Set `recursive = FALSE` for non-recursive transfer: only files directly under the source directory are transferred, and nested subdirectories are skipped.

## Managing Volume Objects (Optional)

Use `db_uc_volumes_*` when you need to create or manage the **volume object itself** (not files inside it).

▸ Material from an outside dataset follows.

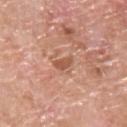Assessment:
No biopsy was performed on this lesion — it was imaged during a full skin examination and was not determined to be concerning.
Context:
A roughly 15 mm field-of-view crop from a total-body skin photograph. Captured under white-light illumination. A male patient, aged around 65. The total-body-photography lesion software estimated a mean CIELAB color near L≈55 a*≈24 b*≈32 and a lesion-to-skin contrast of about 7 (normalized; higher = more distinct). The software also gave a border-irregularity rating of about 3.5/10 and a within-lesion color-variation index near 1/10. The software also gave a classifier nevus-likeness of about 0/100 and a detector confidence of about 100 out of 100 that the crop contains a lesion. Longest diameter approximately 2.5 mm. From the upper back.
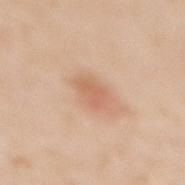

| Operation | Function | Notes |
|-----------|----------|-------|
| List volumes in schema | `db_uc_volumes_list()` | Returns volumes under `<catalog>.<schema>` |
| Get one volume | `db_uc_volumes_get()` | Returns metadata for one volume |
| Create volume | `db_uc_volumes_create()` | Supports `MANAGED` and `EXTERNAL` |
| Update volume metadata | `db_uc_volumes_update()` | Rename/comment/owner updates |
| Delete volume | `db_uc_volumes_delete()` | Removes the Unity Catalog volume object |

```{r}
# list volumes in a schema
db_uc_volumes_list(catalog = "<catalog>", schema = "<schema>")

# create a managed volume
db_uc_volumes_create(
  catalog = "<catalog>",
  schema = "<schema>",
  volume = "my_volume",
  volume_type = "MANAGED"
)

# inspect one volume
db_uc_volumes_get(
  catalog = "<catalog>",
  schema = "<schema>",
  volume = "my_volume"
)
```

After a volume exists, use `/Volumes/<catalog>/<schema>/<volume>/...` paths with `db_volume_*` for file operations.